= Implementation theory =

Implementation theory is an area of research in game theory concerned with whether a class of mechanisms (or institutions) can be designed whose equilibrium outcomes implement a given set of normative goals or welfare criteria.

There are two general types of implementation problems: the economic problem of producing and allocating public and private goods and choosing over a finite set of alternatives. In the case of producing and allocating public/private goods, solution concepts are focused on finding dominant strategies.

In his paper "Counterspeculation, Auctions, and Competitive Sealed Tenders", William Vickrey showed that if preferences are restricted to the case of quasi-linear utility functions then the mechanism dominant strategy is dominant-strategy implementable. "A social choice rule is dominant strategy incentive compatible, or strategy-proof, if the associated revelation mechanism has the property that honestly reporting the truth is always a dominant strategy for each agent." However, the payments to agents become large, sacrificing budget neutrality to incentive compatibility.

In a game where multiple agents are to report their preferences (or their type), it may be in the best interest of some agents to lie about their preferences. This may improve their payoff, but it may not be seen as a fair outcome to other agents.

Although largely theoretical, implementation theory may have profound implications on policy creation because some social choice rules may be impossible to implement under specific game conditions.

== Implementability ==
In mechanism design, implementability is a property of a social choice function. It means that there is an incentive-compatible mechanism that attains ("implements") this function.

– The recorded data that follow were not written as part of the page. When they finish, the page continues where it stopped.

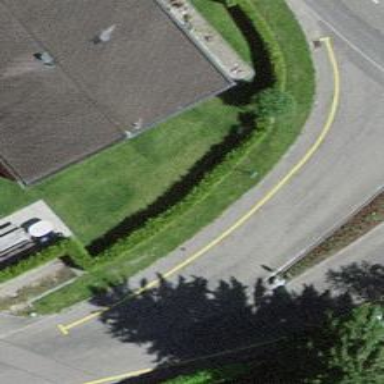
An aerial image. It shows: Hedge acting as barrier.
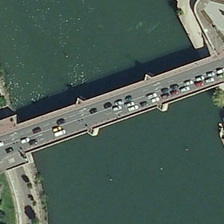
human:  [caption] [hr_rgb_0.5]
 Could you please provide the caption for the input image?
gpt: many cars are on a bridge over a river with some green trees sparsely .

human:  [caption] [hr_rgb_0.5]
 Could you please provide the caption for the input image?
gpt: many cars are on a bridge over a river with some green trees sparsely .

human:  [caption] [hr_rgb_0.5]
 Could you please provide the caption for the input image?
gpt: many cars are on a bridge over a river with some green trees sparsely .

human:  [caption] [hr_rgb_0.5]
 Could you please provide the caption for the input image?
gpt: many cars are on a bridge over a river with some green trees sparsely .

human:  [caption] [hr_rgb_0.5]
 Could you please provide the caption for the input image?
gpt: many cars are on a bridge over a river with some green trees sparsely .
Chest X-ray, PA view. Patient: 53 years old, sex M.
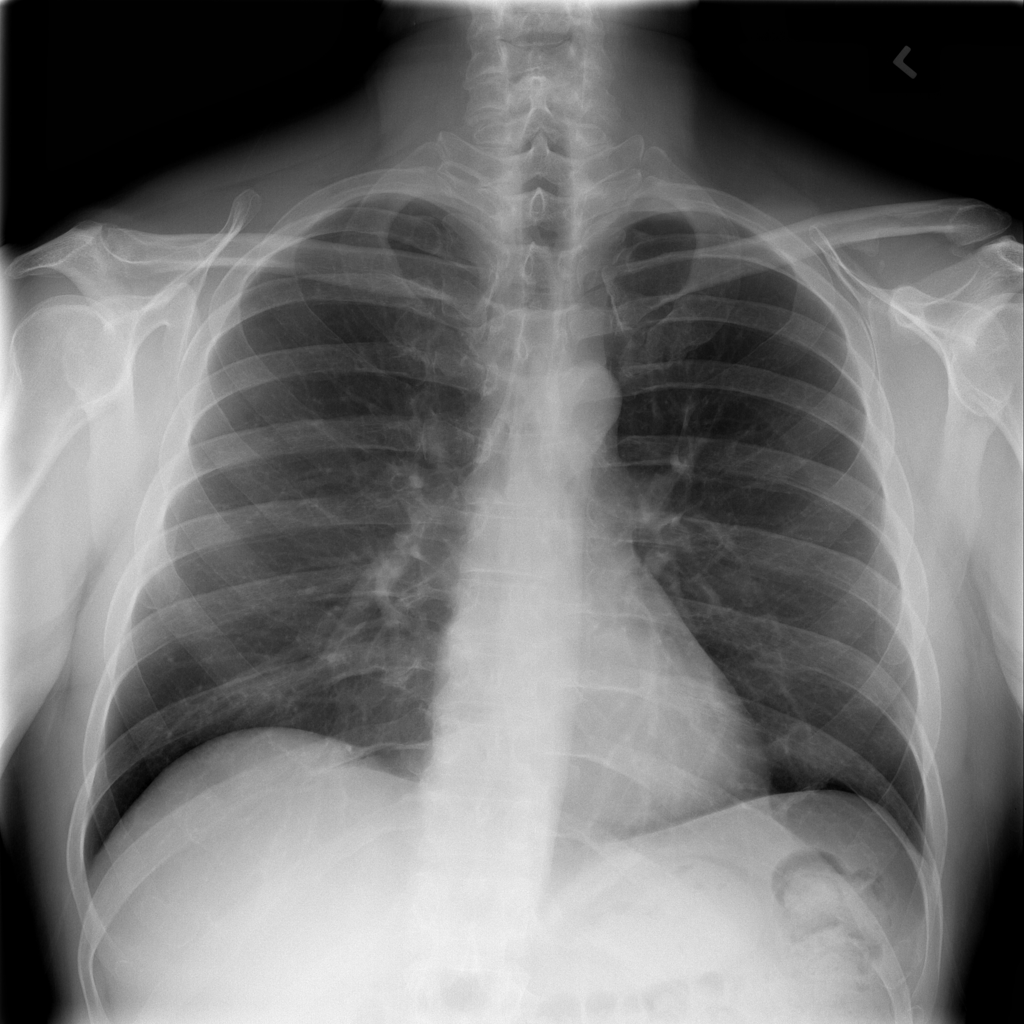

There are several degrees of implementability, corresponding to the different degrees of incentive-compatibility, including:

- A function is dominant-strategy implementable if it is attainable by a mechanism which is dominant-strategy-incentive-compatible (also called strategyproof).
- A function is Bayesian-Nash implementable if it is attainable by a mechanism which is Bayesian-Nash-incentive-compatible.

See for a recent reference. In some textbooks, the entire field of mechanism design is called implementation theory.